Ultra-high stretchable hydrogels with wet adhesion properties as wearable electronic devices for underwater environments

Abstract

Wearable strain sensors based on conductive hydrogels have garnered significant attention due to their tremendous potential in applications such as human motion and health monitoring. Recently, multifunctional conductive hydrogels have been created for a wide range of applications. However, water molecules can affect the hydrogel performance, making it important to develop conductive hydrogel-based flexible sensors that can maintain stable performance in underwater environments. In this study, acrylic acid (AA) was selected as the hydrogel matrix, and hydrophobic monomer stearyl methylacrylate (SMA) and polydopamine-coated polypyrrole (PPy@PDA) composites were introduced to improve the anti-swelling performance and mechanical properties of the hydrogel. A composite conductive hydrogel was successfully prepared via free radical polymerization. The multiple interactions within the hydrogel increased the crosslinking density of its internal network, resulting in an exceptionally high tensile strain (with a fracture elongation of 2396.59%), excellent wet adhesion properties, and strong anti-swelling characteristics.
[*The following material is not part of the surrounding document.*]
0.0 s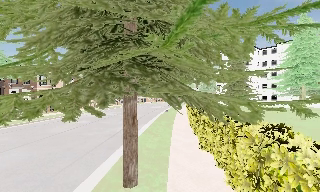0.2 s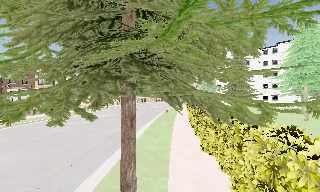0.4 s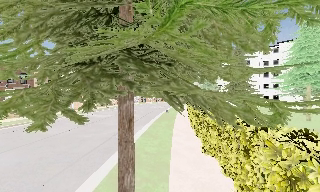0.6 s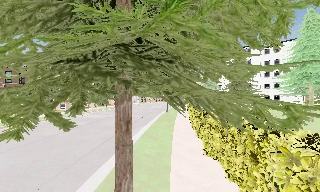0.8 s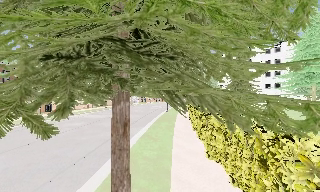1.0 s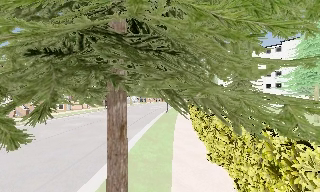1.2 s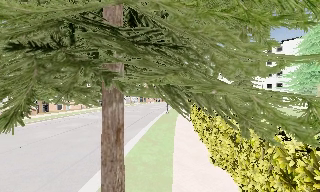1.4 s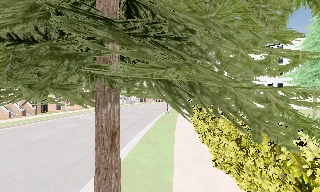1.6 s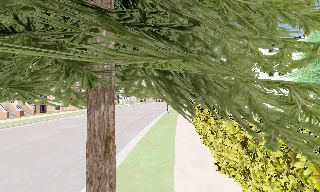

By leveraging the superior performance of the hydrogel, the developed hydrogel-based flexible sensor demonstrated stable and repeatable signal responses across a wide strain range (0–1000%) and effectively monitored human motion in underwater environments. Notably, the hydrogel sensor could accurately output “SOS” and “UP” signals in underwater settings, opening new possibilities for sensing applications in underwater training, detection, and rescue operations.